The national Jewish and Zionist Kadimah was founded by Nathan Birnbaum together with Moses Schnirer, Ruben Bierer and Peretz Smolenskin in Vienna on 25 October 1882.
This article lists Sigmund Freud as a member of Kadimah. I don’t know if he joined as a student but it was confirmed by Freud’s oldest son, Martin, that he had an honorary membership. (An article by Josef Fraenkel, “Professor Sigmund Freud and the Student Society ‘Kadimah,'” published in London in April 1964, probably has the answer but I haven’t yet been able to locate it.)
According to Peter Gay’s Freud: A Life for Our Time (p. 600), Martin himself “joined Kadimah, a Zionist student organization,” after World War I and “his brother Ernst became active in editing a Zionist periodical, steps their father seems to have greeted with approval, or at least treated as his sons’ business.”
Another connection with Zionism: According to a New York Times piece about Berggasse, the street where Freud lived and practiced (over my great uncle Sigmund Kornmehl’s butcher shop):
Less well known is the fact that, among Freud’s neighbors, living at 6 Berggasse from around 1896 to 1898, was Theodor Herzl, the founder of modern Zionism. Literary editor and Paris correspondent of the Neue Freie Presse, Europe’s leading liberal newspaper at the time, Herzl published his tract ”The Jewish State” in 1896 and lived on Berggasse, like Freud, as a celebrated giant and a derided crank.

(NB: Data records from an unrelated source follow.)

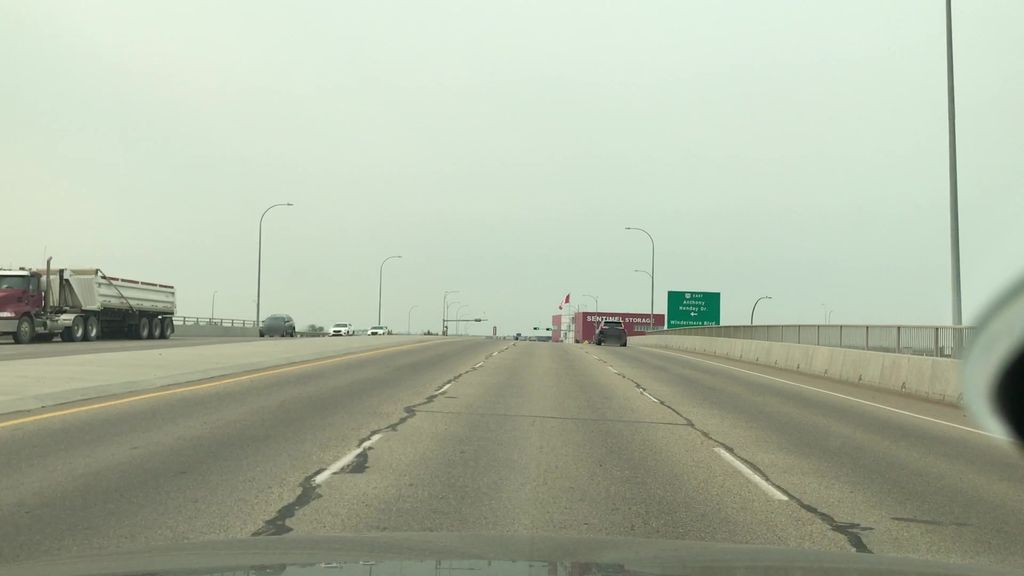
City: edmonton
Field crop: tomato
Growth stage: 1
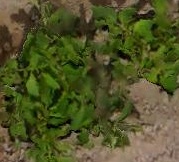
Species: tomato
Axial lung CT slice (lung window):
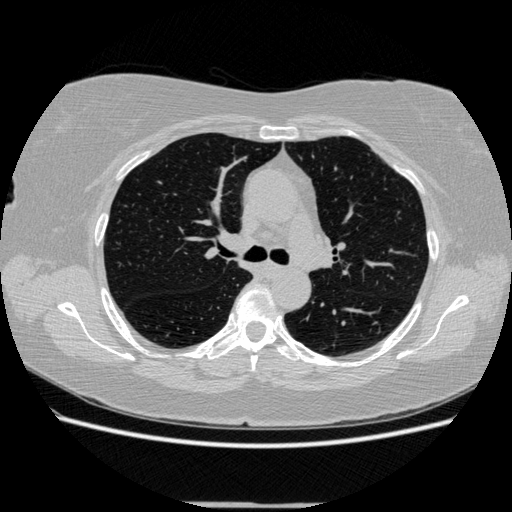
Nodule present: no
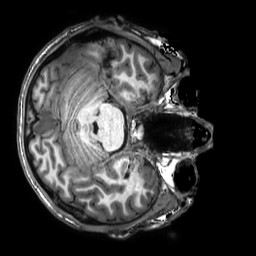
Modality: T1w
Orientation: axial
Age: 31
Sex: male
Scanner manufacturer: philips
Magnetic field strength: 3 T
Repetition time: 0.008194 s
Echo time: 0.003773 s
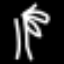
Label: palm tree
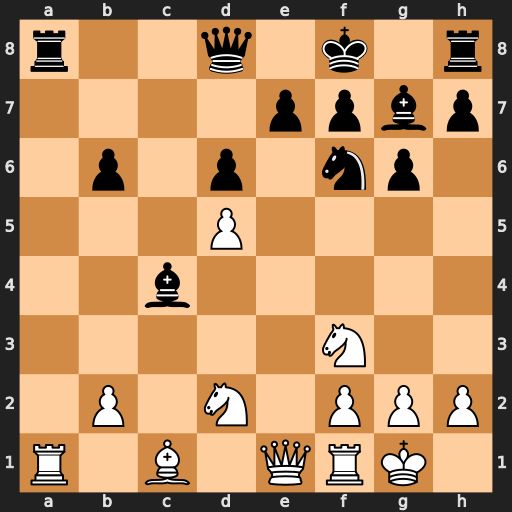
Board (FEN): r2q1k1r/4ppbp/1p1p1np1/3P4/2b5/5N2/1P1N1PPP/R1B1QRK1
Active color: w
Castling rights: -
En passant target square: -
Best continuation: Rxa8 Qxa8 Nxc4
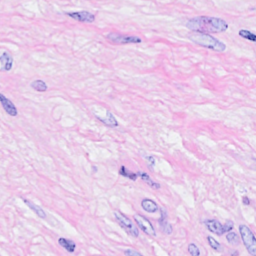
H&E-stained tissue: Breast
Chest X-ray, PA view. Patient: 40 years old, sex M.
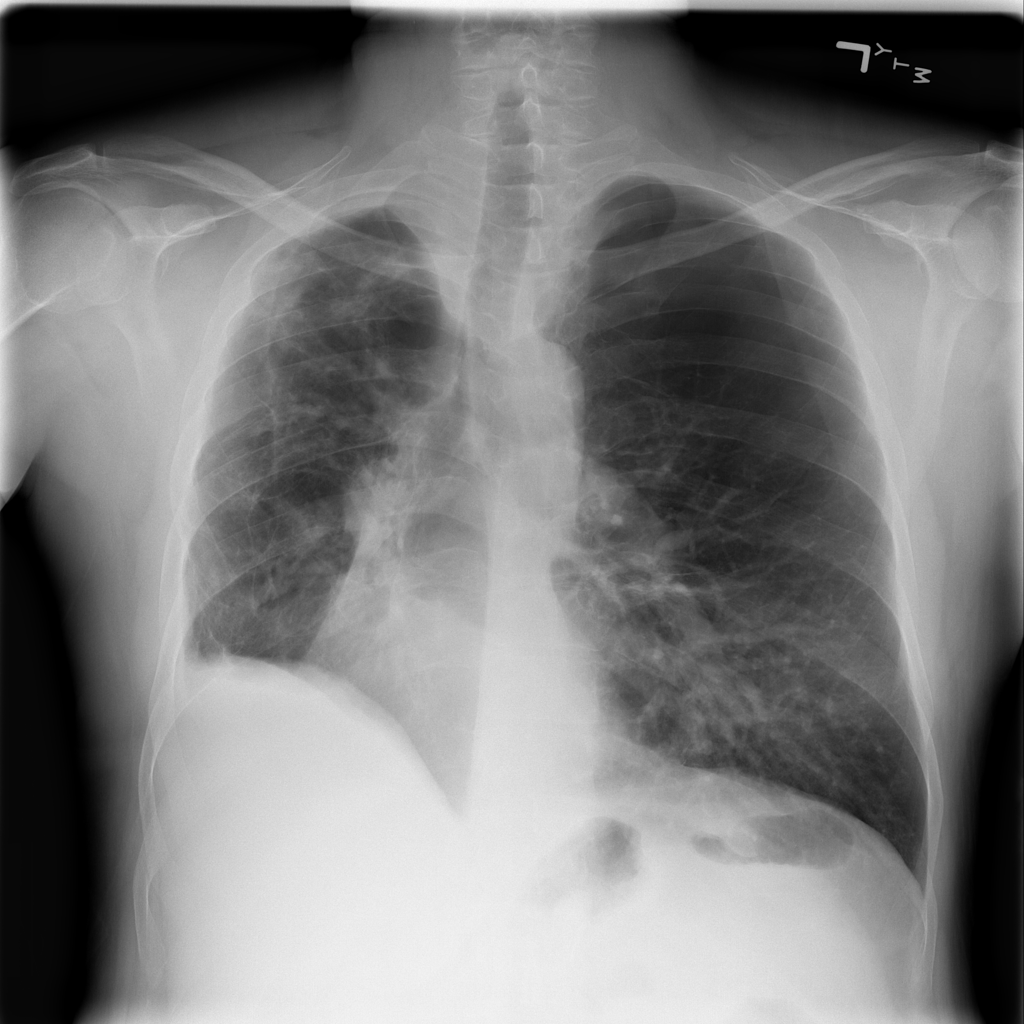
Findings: Emphysema

(The two never met, although Freud dreamed of Herzl; and although Herzl ignored the copy of ”The Interpretation of Dreams” Freud sent him, hoping for a review, Freud did psychoanalyze Herzl’s son, Hans, years later, diagnosing the suicidal youth as suffering, not surprisingly, from a profound Oedipal conflict.)
Freud clearly was distracted by other pursuits from any early interest in Zionism — if he ever had one. Maybe he just wanted to be blurbed by a famous journalist. But Freud is on record as being disturbed by his father’s passivity in the face of antisemitism when Sigmund was a boy; he later defended his own sons against an antisemitic attack. Moreover, according to an article by Jay Geller, “The Godfather of Psychoanalysis: Circumcision, Antisemitism, Homosexuality, and Freud’s ‘Fighting Jew,‘” Freud saw “Jewishness as a test of masculinity presented by [the] antisemitic majority.”
I don’t think it’s a stretch, then, to say that Freud would have been sympathetic to young Viktor Kornmehl’s Jewish activist zeal.
This is Day 21 of the Family History Writing Challenge. Three weeks down, one to go. Note: The picture next to the title is a postcard of Nathan Birnbaum (on the right), one of the founders of Kadimah.
I am the son-in-law of Erich Stamm, whose name was cited in the article above. Any further information about the incident described above would be appreciated.
Thank you for writing. I’m afraid I have no additional information to what was printed in the article that I linked to — sorry! That incident sounds quite terrible, doesn’t it?
Until his passing in 1991, neither my wife, Erich Stamm’s daughter, nor I have have any recollection of his ever mentioning the incident. No recollection of any member of the family mentioning it, either. I suppose traumatic events like that were repressed or just went unshared.
Thank you for writing! There are so many things that I don’t know about members of my family, things that I find out only accidentally when doing research, because my family didn’t talk about them. This must have come as quite a surprise for your wife to read this.